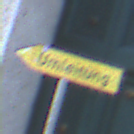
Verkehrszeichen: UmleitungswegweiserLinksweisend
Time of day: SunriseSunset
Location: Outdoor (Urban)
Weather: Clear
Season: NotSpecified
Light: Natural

...

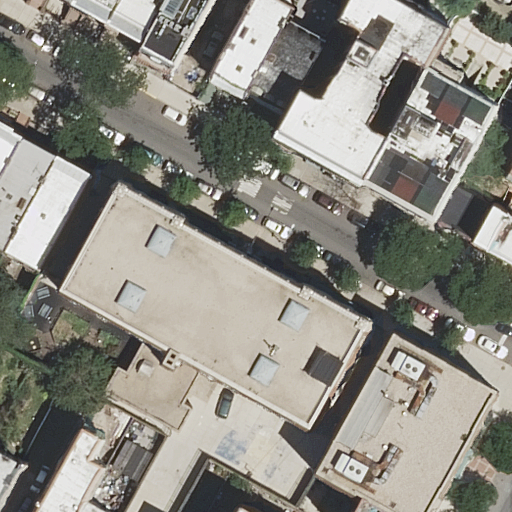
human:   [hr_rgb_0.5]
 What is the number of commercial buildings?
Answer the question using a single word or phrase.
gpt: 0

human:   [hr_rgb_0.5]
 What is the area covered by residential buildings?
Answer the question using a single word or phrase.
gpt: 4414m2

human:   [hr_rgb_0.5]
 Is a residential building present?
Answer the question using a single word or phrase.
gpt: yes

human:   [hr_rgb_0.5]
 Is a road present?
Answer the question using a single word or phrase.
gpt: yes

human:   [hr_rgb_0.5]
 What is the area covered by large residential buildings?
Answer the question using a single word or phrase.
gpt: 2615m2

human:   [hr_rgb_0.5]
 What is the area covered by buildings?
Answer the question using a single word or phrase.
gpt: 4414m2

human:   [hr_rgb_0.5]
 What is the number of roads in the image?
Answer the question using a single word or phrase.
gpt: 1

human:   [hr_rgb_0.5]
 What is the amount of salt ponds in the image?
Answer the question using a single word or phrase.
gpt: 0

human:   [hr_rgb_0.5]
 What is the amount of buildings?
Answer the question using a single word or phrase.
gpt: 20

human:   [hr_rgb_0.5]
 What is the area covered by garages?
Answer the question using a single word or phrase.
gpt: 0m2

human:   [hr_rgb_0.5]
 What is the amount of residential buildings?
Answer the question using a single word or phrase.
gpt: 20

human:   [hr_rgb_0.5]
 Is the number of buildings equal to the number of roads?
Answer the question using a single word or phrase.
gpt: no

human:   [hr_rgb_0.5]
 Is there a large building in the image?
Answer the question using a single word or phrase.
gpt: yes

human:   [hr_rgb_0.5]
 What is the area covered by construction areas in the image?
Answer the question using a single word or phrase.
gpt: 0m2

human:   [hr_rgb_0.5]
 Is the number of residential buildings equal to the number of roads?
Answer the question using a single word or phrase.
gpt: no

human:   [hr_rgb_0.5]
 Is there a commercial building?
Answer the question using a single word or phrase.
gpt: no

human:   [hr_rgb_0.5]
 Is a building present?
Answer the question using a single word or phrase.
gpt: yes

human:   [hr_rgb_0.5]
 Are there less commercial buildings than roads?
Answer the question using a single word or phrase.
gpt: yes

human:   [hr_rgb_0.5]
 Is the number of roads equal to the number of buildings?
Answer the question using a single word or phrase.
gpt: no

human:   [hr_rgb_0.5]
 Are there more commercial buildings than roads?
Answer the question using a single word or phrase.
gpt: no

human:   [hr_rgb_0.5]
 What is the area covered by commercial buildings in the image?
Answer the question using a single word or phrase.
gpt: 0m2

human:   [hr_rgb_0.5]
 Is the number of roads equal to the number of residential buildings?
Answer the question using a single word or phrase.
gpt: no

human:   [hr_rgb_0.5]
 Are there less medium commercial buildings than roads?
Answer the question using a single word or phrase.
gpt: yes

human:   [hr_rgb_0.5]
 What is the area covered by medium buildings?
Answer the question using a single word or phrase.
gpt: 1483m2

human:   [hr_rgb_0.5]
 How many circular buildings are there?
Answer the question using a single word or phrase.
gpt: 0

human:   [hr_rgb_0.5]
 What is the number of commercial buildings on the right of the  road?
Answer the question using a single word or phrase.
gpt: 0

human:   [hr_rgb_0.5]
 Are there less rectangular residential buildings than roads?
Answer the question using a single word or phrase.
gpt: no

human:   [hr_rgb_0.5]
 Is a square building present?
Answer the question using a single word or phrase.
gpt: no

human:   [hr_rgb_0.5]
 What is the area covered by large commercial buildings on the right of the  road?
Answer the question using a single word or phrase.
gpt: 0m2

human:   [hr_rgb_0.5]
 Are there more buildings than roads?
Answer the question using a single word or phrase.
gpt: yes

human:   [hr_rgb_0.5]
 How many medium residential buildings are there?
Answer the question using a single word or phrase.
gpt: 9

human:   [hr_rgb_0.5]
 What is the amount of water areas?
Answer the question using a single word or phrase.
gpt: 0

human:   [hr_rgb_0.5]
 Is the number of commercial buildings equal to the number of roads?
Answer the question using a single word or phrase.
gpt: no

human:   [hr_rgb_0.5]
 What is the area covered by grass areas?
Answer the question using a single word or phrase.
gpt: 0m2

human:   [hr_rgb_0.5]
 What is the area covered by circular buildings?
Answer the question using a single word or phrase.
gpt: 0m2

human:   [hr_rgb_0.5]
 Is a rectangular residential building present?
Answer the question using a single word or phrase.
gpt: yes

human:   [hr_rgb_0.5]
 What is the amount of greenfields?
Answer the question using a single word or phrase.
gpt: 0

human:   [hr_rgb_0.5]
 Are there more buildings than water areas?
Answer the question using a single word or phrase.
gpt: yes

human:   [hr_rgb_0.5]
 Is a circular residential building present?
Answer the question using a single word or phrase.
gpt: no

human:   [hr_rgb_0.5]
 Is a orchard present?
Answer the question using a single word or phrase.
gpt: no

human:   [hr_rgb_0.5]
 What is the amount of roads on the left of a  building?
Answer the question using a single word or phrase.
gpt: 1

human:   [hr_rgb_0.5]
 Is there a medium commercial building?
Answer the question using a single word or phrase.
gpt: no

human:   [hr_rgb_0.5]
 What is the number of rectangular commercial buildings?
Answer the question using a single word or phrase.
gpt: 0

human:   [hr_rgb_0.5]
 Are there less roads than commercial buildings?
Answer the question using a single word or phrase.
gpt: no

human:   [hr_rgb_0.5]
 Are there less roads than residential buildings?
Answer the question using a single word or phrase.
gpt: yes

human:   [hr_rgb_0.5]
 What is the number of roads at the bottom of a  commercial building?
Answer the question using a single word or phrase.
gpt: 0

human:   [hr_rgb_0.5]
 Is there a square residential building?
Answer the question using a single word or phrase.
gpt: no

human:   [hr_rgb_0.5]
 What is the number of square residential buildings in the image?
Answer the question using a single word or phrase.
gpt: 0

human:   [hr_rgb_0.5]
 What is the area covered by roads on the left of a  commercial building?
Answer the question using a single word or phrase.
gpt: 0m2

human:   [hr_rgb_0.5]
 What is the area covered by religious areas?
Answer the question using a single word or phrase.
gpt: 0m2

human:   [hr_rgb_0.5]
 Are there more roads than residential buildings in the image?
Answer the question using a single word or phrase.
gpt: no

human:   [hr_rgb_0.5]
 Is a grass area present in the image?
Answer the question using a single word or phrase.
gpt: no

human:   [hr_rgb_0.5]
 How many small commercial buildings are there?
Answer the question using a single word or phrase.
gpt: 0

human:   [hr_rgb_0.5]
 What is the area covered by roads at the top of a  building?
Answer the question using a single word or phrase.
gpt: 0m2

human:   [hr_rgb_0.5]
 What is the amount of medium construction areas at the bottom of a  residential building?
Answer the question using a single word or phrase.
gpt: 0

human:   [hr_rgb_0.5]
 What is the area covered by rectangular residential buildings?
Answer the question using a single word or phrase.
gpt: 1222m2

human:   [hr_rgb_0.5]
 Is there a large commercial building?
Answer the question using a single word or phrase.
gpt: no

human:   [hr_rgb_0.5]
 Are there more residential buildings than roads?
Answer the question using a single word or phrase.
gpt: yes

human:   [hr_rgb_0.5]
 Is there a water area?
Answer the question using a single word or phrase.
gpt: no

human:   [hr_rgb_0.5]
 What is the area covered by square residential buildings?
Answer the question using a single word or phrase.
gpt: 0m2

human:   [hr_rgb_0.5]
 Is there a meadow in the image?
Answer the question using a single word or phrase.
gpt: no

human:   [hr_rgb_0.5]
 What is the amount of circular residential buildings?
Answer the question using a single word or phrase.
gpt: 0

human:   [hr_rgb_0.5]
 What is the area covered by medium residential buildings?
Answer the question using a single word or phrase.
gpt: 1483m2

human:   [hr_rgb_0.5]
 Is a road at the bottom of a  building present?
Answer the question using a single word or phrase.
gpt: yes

...

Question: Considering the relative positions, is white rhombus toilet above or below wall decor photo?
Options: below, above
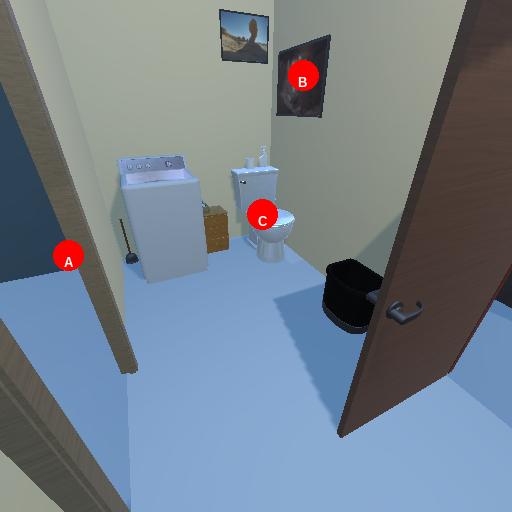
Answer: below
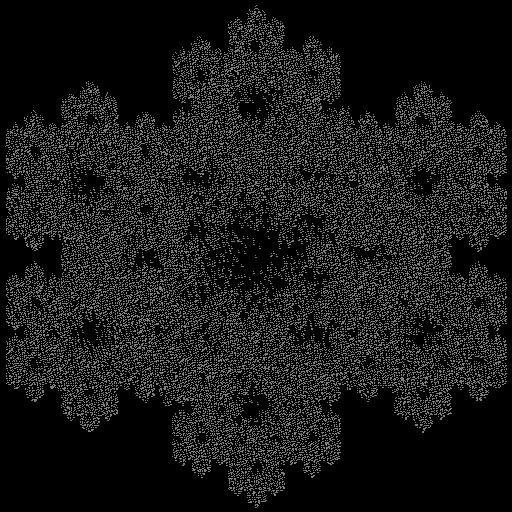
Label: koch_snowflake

### TASK PROMPT
Everything above from the line with "Is a orchard present?" to the line with "Is there a medium commercial building?", both included, must be repeated exactly, and nothing outside that range.

### OUTPUT
 Is a orchard present?
Answer the question using a single word or phrase.
gpt: no

human:   [hr_rgb_0.5]
 What is the amount of roads on the left of a  building?
Answer the question using a single word or phrase.
gpt: 1

human:   [hr_rgb_0.5]
 Is there a medium commercial building?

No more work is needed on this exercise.